That’s the end and that’s the start of it.
 
 
 
 
 
 
 
 
 
 
 
 
Brian alzò lo sguardo su Stefan, sentendosi osservato.
- Che c’è? – chiese, scontroso, sporgendosi in avanti per spegnere la sigaretta nel posacenere.
Stef sorrise e rimase in silenzio.
- Allora? – sbottò l’altro, lasciandosi andare contro il divano con un gesto seccato. Lo svedese sembrò riscuotersi e scosse la testa.
- Nulla. –
 
Alzò lo sguardo. Doveva essersi sentito osservato.
Notò che aveva gli occhi del verde più luminoso che avesse mai visto – talmente luminoso che gli era sembrato azzurro, in un primo momento.
- Che c’è? – disse sottovoce, inarcando un sopracciglio e chiudendo con uno scatto il libro che teneva sulle ginocchia. Tentò di leggerne il nome sul dorso; non ci riuscì.
- Che c’è? – ripeté lui, più lentamente, minacciosamente.
Stefan fece spallucce, scuotendo la testa.
- Ti è praticamente arrivata la palla addosso. – disse, in tono ovvio. – Cosa pensi che sia venuto a fare, se non riprenderla? –
Molko alzò una mano a schermarsi gli occhi con studiato languore. Stefan vide le sue labbra contrarsi un rapidissimo guizzo.
- Dì a quelle teste di cazzo dei tuoi amici che mi hanno mancato. E aggiungi anche che capisco perfettamente perché la nostra scuola non vince il campionato da anni, se la mira è questa. – sussurrò, quasi flemmatico.
Stefan incrociò le braccia sul petto.
- E’ meglio per te se non glielo dico. – rispose, calmo, facendogli segno di allungargli la palla che era finita ai piedi del muretto sul quale lui era seduto. Molko appoggiò il libro accanto a sé, sui mattoni scaldati dal sole, e si allungò a recuperare la palla con un movimento ozioso. Stefan ne approfittò per sbirciare: era “Un Tram Che Si Chiama Desiderio”.

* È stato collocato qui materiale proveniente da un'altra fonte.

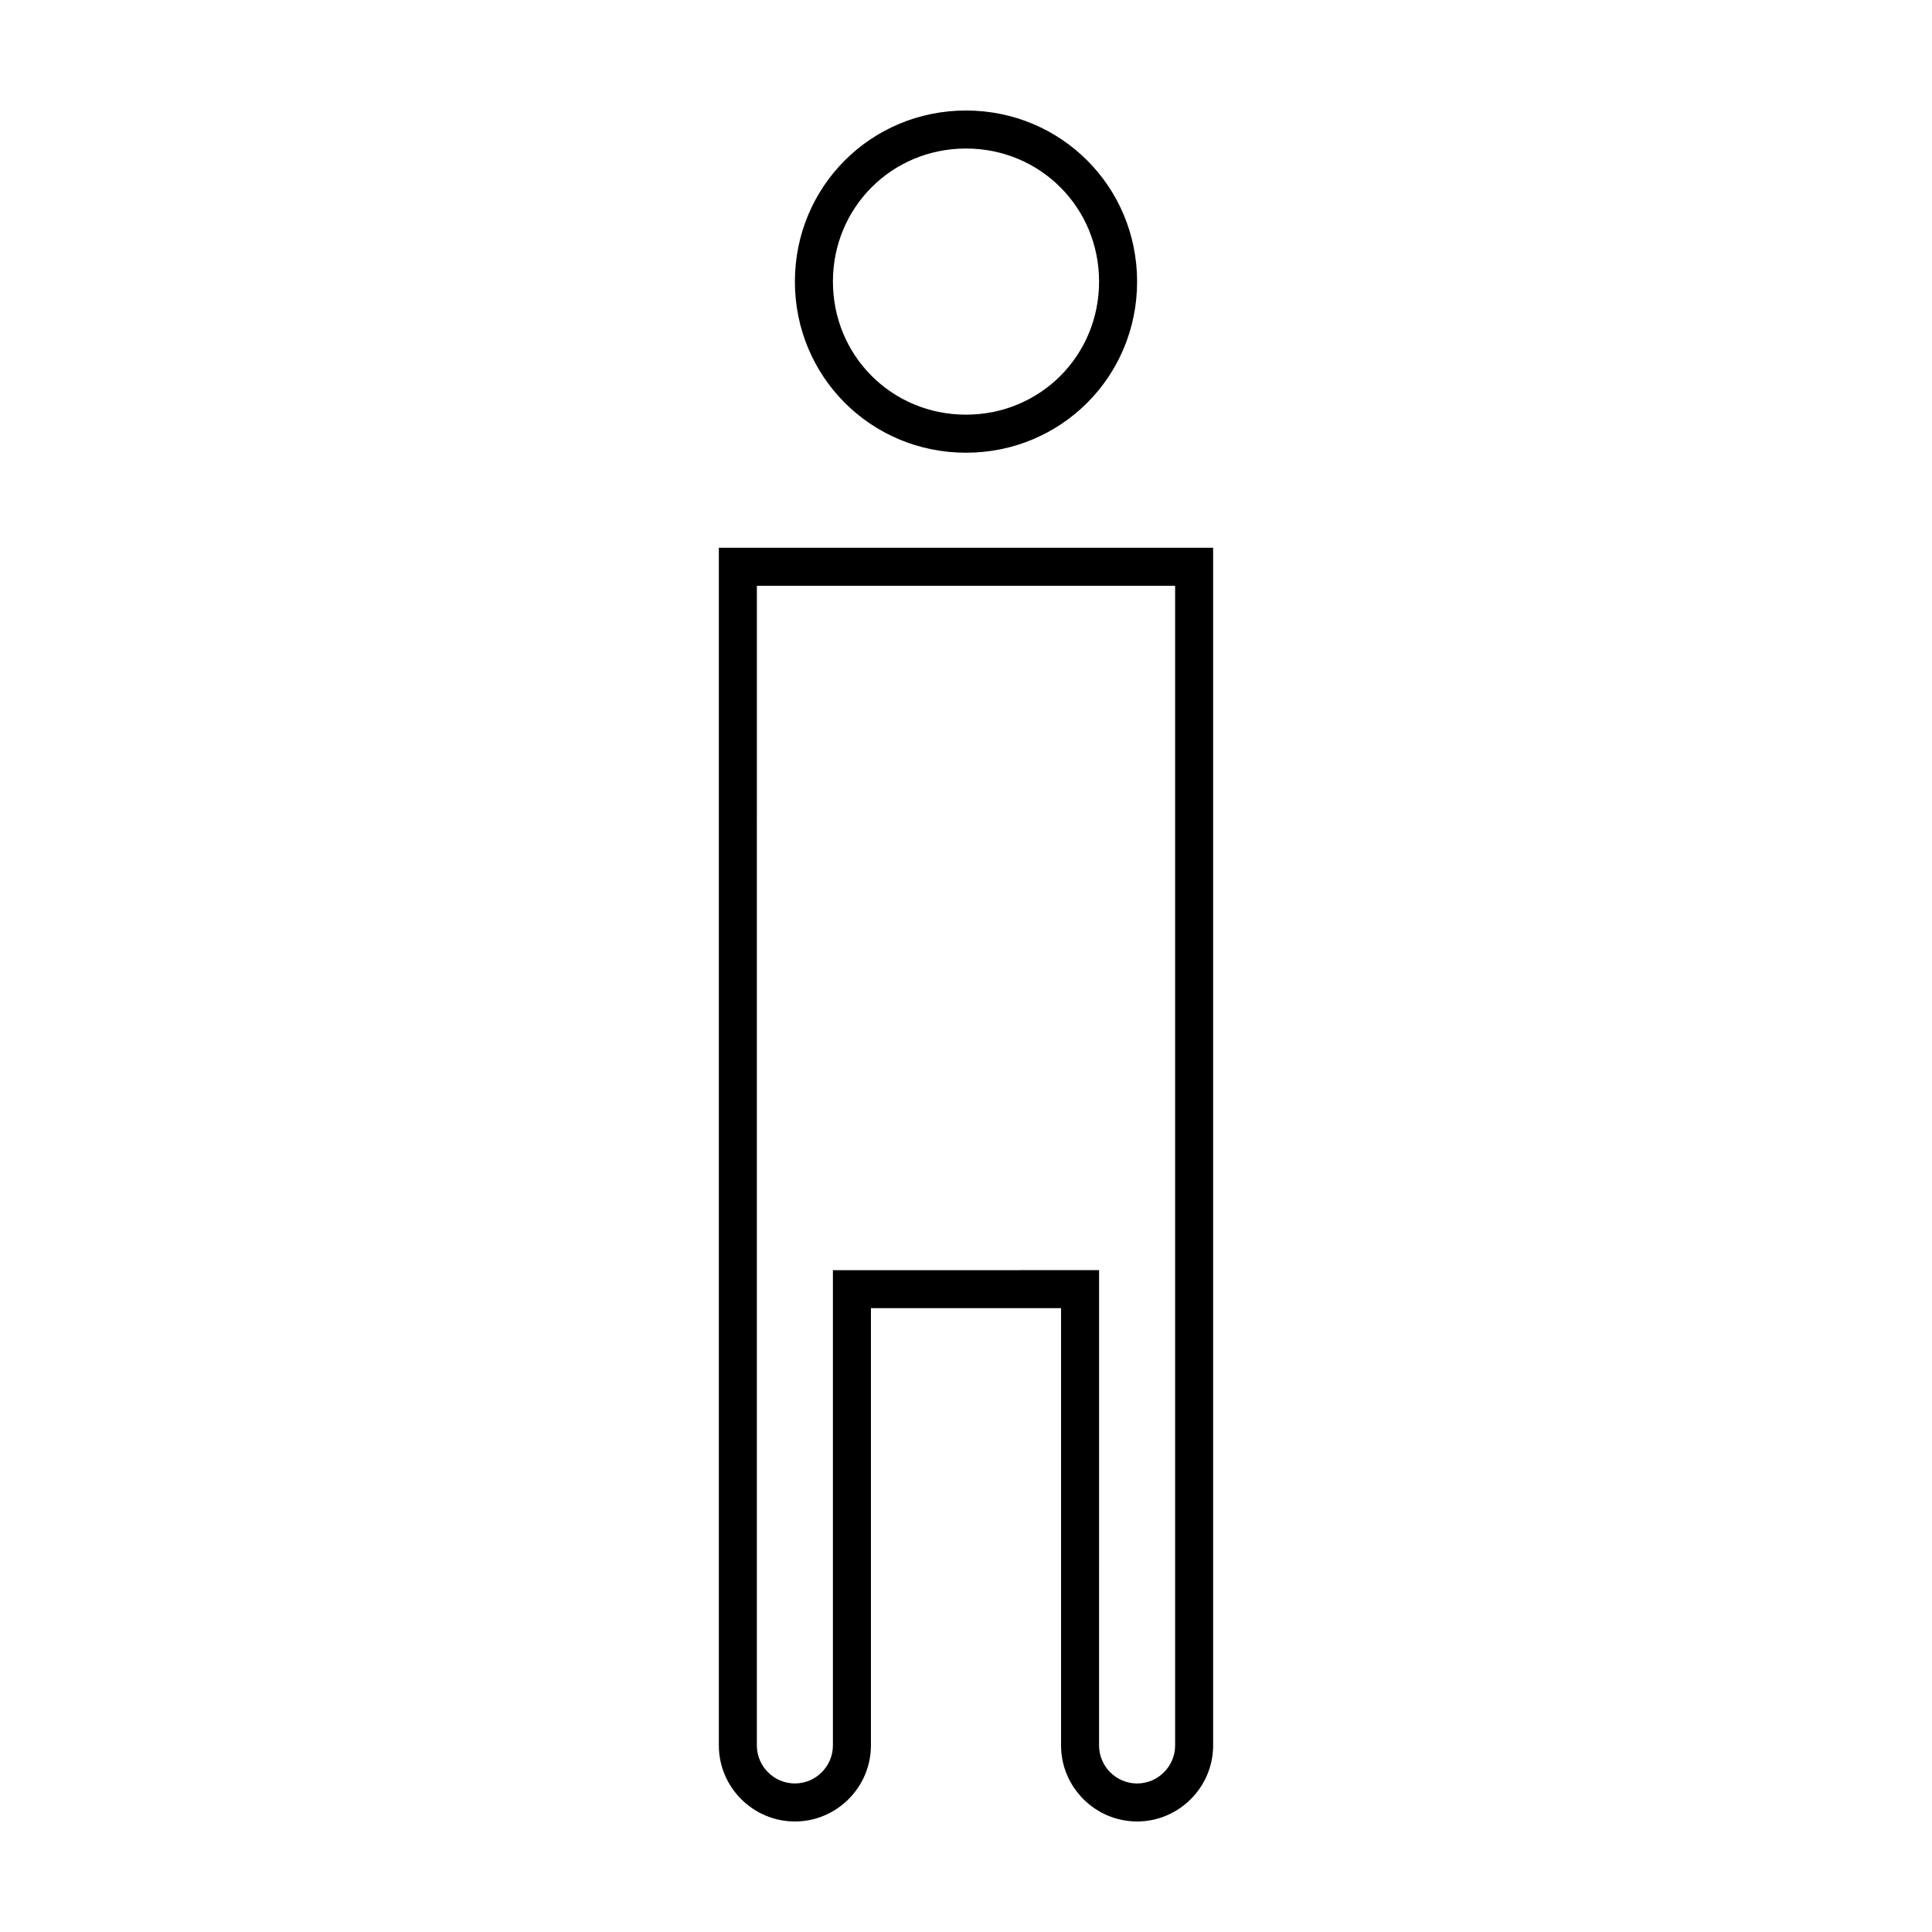 <?xml version="1.0" encoding="UTF-8"?>
<!-- Uploaded to: SVG Repo, www.svgrepo.com, Generator: SVG Repo Mixer Tools -->
<svg fill="#000000" width="800px" height="800px" version="1.1" viewBox="144 144 512 512" xmlns="http://www.w3.org/2000/svg">
 <g>
  <path d="m400 183.36c19.648 0 35.266 15.617 35.266 35.266s-15.617 35.266-35.266 35.266-35.266-15.617-35.266-35.266c-0.004-19.648 15.617-35.266 35.266-35.266m0-10.074c-25.191 0-45.344 20.152-45.344 45.344s20.152 45.344 45.344 45.344 45.344-20.152 45.344-45.344c-0.004-25.191-20.156-45.344-45.344-45.344z"/>
  <path d="m455.42 299.24v307.32c0 5.543-4.535 10.078-10.078 10.078-5.543 0-10.078-4.535-10.078-10.078l0.004-115.88v-10.078h-10.078l-50.379 0.004h-10.078v125.95c0 5.543-4.535 10.078-10.078 10.078-5.543 0-10.078-4.535-10.078-10.078l0.004-307.32h110.84m10.074-10.078h-130.99v317.4c0 11.082 9.07 20.152 20.152 20.152s20.152-9.07 20.152-20.152v-115.88h50.383v115.88c0 11.082 9.07 20.152 20.152 20.152s20.152-9.07 20.152-20.152z"/>
 </g>
</svg>

- Tieni. – lo riscosse l’altro, buttandogli la palla contro il petto. Stefan la prese al volo prima che cadesse e rimase a farsela girare fra le mani. Voleva prendersi tempo per osservarlo. Non riusciva a inquadrarlo, e questo non gli piaceva.
Molko spalancò gli occhi in un’espressione fintamente stupita.
- E’ tonda, sì, incredibile davvero. E se la fai cadere a terra rimbalza. – Sventolò una delle sue mani tozze, smaltate di nero, a mezz’aria. – Ora che hai aperto gli occhi sul tuo sport da energumeni puoi anche andartene. –
Stefan sentì l’impulso incontrollabile di scagliargli la palla addosso con tutta la forza che aveva. Da quella distanza mancarlo sarebbe stato impossibile.
- Fammi indovinare, stai studiando per la recita di fine anno. – disse, solleticandosi il lobo di un orecchio con una mano.
- Corretto. – replicò Molko, in tono strascicato, non disturbandosi nemmeno ad alzare gli occhi dal libro che aveva ripreso a leggere.
- Almeno per una volta, hanno scelto un bel testo. – proseguì Stefan, facendo rimbalzare la palla a terra e bloccandola subito dopo, memore della frecciatina che Molko gli aveva rivolto poco prima.
Lui sollevò la testa, piano, e la inclinò con un movimento leggero, quasi impercettibile.
- Leggi Tennessee Williams. – disse, col tono di chi cerca di convincersi di una cosa assurda, come che due più due fa cinque. Stefan distese le labbra in un ghigno.
- So leggere, sì. Pazzesco, eh? –
Molko rimase in silenzio, portandosi nuovamente una mano sulla fronte e osservandolo con aria improvvisamente attenta. Stefan spostò il peso da un piede all’altro.
- Beh, grazie per avermi costretto a venir qua a riprendere la palla piuttosto che farmi la cortesia di lanciarmela. – disse, tentando di sorridere in modo convincente.
Con sua grande sorpresa, Molko rispose apertamente al sorriso. I suoi occhi brillavano di nuovo di quella strana luce a metà fra il blu e il verde.
- Di niente. -
 
Brian alzò gli occhi al cielo, prendendo un lungo, spazientito respiro.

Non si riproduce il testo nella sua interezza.